Five Facts About Bärwurz
This spirit can give you double-vision in more ways than one. The Bärwurz plant (pronounced “behr-vurts”) is known in English as baldmoney, spignel, bear fennel or Alpine Lovage. Its natural home is Germany’s Black Forest region, and in the German language there is a slight-but-important distinction between the masculine Bärwurz and the feminine Bärwurz. Here we try to clarify the confusion between the two interpretations of this recently rediscovered Black Forest treasure.
In Germany’s Black Forest, Bärwurz is as integral to the local folklore as gentian is to the Alpine culture just down the road. The distilled spirit made from the Bärwurz plant is equally at home as an old man’s preferred poison, an Alpine dare or an Aprés-Ski chill-out potion. But the aromatic plant behind the drink and the gender confusion surrounding it is currently enjoying a major comeback as a botanical in German gins.
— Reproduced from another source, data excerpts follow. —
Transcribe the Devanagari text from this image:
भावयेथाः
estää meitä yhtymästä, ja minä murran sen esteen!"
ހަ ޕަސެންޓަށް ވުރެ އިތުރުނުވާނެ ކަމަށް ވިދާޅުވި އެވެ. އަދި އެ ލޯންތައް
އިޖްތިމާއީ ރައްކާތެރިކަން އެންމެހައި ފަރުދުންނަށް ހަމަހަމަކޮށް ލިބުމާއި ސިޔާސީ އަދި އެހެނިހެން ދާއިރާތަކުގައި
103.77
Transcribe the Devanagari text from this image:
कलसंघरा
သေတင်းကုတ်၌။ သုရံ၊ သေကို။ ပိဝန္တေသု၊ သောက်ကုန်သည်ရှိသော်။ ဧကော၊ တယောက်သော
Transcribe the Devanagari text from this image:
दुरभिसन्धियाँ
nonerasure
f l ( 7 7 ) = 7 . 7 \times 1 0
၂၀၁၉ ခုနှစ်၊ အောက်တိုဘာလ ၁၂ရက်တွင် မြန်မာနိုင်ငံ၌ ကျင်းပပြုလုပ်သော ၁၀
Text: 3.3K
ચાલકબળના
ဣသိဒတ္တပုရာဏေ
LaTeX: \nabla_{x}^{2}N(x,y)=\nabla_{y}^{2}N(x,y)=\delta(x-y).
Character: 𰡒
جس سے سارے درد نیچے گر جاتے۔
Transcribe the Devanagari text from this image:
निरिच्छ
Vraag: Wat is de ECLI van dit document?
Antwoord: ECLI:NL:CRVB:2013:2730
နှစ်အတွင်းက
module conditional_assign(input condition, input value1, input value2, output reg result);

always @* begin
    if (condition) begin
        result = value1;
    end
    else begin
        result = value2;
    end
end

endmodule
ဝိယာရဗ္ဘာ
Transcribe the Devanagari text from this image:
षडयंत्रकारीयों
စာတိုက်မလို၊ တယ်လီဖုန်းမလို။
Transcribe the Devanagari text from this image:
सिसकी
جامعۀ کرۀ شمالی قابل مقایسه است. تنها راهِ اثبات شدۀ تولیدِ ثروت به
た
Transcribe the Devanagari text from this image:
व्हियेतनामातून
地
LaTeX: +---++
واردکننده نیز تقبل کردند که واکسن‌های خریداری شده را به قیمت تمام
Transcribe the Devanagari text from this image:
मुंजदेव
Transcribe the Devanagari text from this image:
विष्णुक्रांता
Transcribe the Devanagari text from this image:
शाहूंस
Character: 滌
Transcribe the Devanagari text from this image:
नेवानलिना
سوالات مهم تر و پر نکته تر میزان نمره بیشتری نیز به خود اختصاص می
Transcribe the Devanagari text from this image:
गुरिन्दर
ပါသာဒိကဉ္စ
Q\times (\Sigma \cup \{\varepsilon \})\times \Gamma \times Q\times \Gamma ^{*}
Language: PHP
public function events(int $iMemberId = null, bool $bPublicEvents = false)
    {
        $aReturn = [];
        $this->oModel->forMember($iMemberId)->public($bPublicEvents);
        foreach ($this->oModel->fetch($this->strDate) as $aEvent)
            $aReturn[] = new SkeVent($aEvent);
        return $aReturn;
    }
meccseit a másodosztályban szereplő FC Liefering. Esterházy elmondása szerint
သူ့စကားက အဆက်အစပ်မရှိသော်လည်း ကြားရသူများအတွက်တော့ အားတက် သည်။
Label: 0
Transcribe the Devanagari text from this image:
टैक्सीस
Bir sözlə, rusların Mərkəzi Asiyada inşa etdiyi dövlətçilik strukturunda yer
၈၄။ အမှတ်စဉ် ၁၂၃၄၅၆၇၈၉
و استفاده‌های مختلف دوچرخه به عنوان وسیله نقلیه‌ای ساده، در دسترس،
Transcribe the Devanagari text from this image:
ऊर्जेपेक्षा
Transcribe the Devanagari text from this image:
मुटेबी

1) Him or her – And does it matter?
The Bärwurz plant bears the botanical designation Meum athamanticum, and the feminine form in the German language. That has to do with the fact that “Wurz” is essentially short for “Wurzel” (root), which is feminine in German. But once it’s distilled, German-speakers have to remember that the spirit takes on the masculine form in the language. And while those familiar with the German language might be tempted to think that the distilled spirit’s masculine character is somehow related to Bär, which means “bear” in German, it isn’t. Not at all, in fact. But none of that is our problem, right? So let’s find out more about the plant and the drink.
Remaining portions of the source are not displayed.